◆ Material for this task ◆

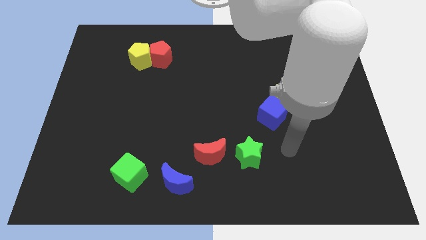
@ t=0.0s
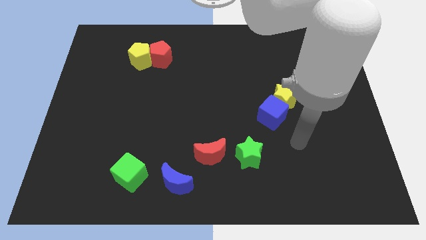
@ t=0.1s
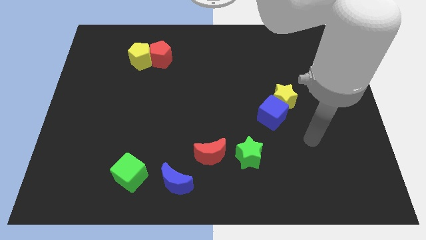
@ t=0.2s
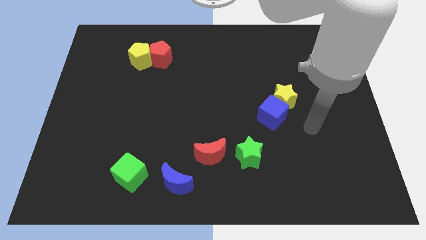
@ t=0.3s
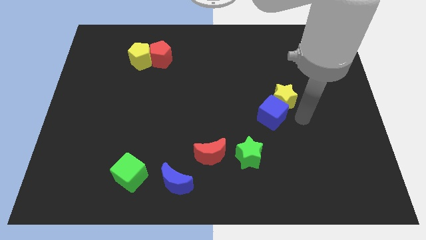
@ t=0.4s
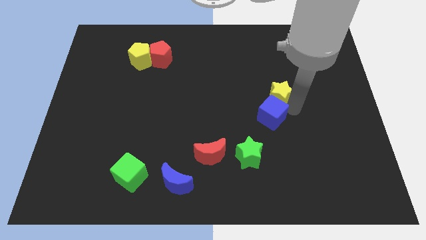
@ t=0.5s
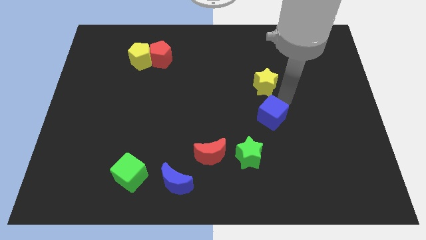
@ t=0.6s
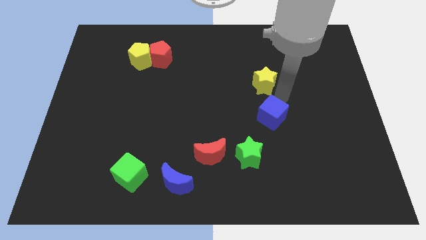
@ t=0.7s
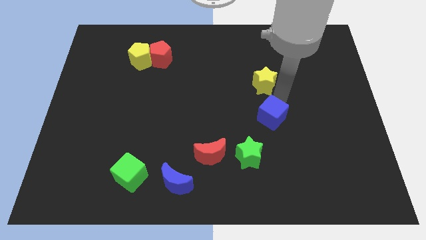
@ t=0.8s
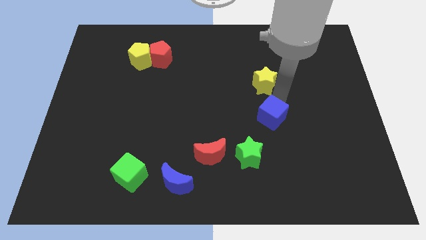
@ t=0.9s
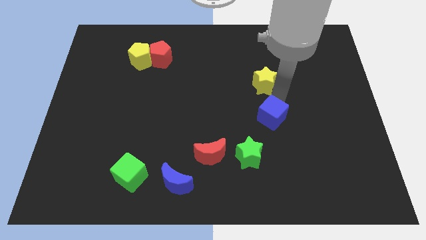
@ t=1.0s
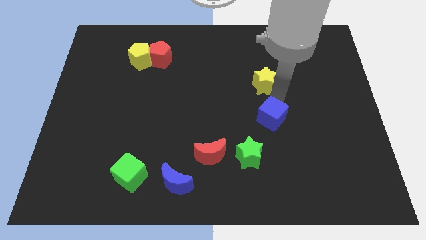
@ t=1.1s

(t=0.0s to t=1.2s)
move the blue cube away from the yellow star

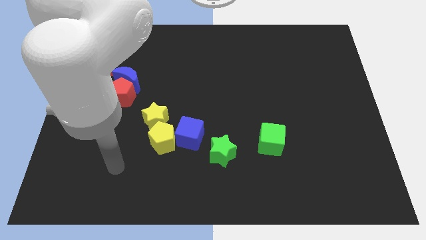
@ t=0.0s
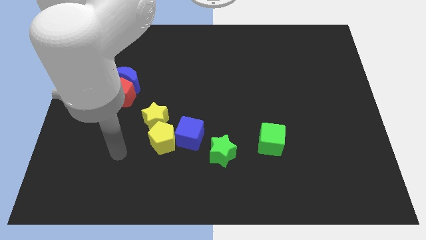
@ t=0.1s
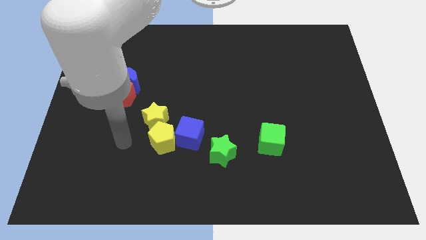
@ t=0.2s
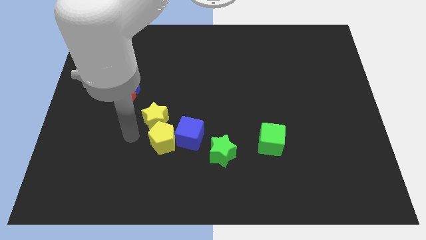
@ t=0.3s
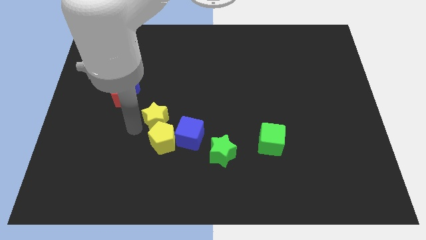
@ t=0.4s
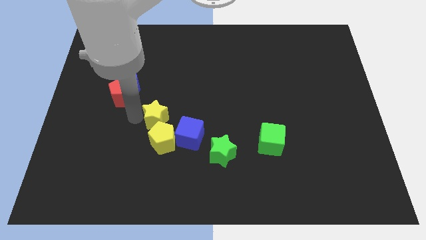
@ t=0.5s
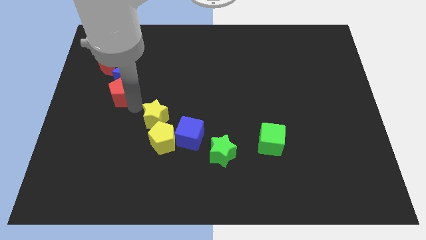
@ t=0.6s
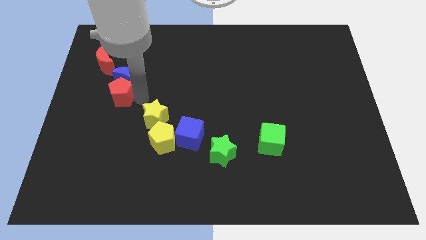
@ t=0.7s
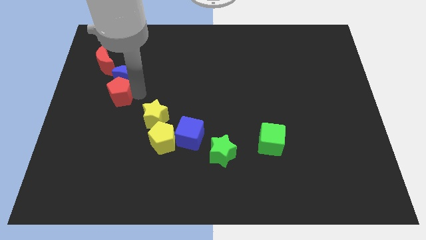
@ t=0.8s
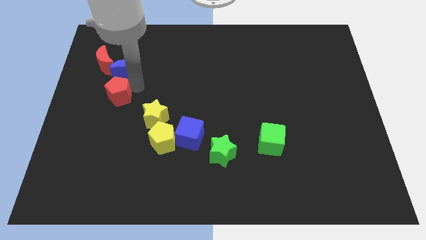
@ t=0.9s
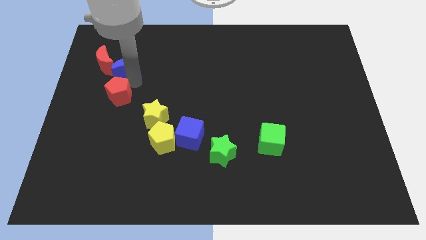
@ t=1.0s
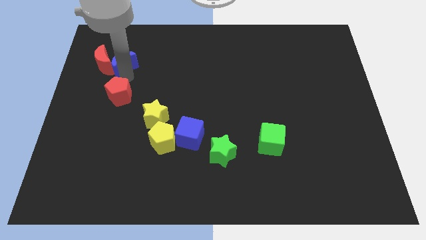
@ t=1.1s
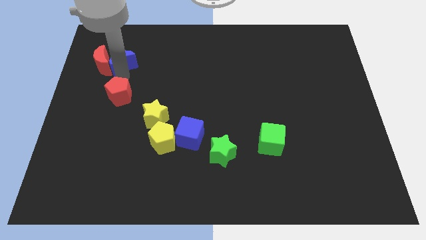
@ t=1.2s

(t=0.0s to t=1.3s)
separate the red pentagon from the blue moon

◆ Prompt ◆
Please output the data above exactly as given, omitting every picture.

◆ Answer box ◆
@ t=0.0s
@ t=0.1s
@ t=0.2s
@ t=0.3s
@ t=0.4s
@ t=0.5s
@ t=0.6s
@ t=0.7s
@ t=0.8s
@ t=0.9s
@ t=1.0s
@ t=1.1s

(t=0.0s to t=1.2s)
move the blue cube away from the yellow star

@ t=0.0s
@ t=0.1s
@ t=0.2s
@ t=0.3s
@ t=0.4s
@ t=0.5s
@ t=0.6s
@ t=0.7s
@ t=0.8s
@ t=0.9s
@ t=1.0s
@ t=1.1s
@ t=1.2s

(t=0.0s to t=1.3s)
separate the red pentagon from the blue moon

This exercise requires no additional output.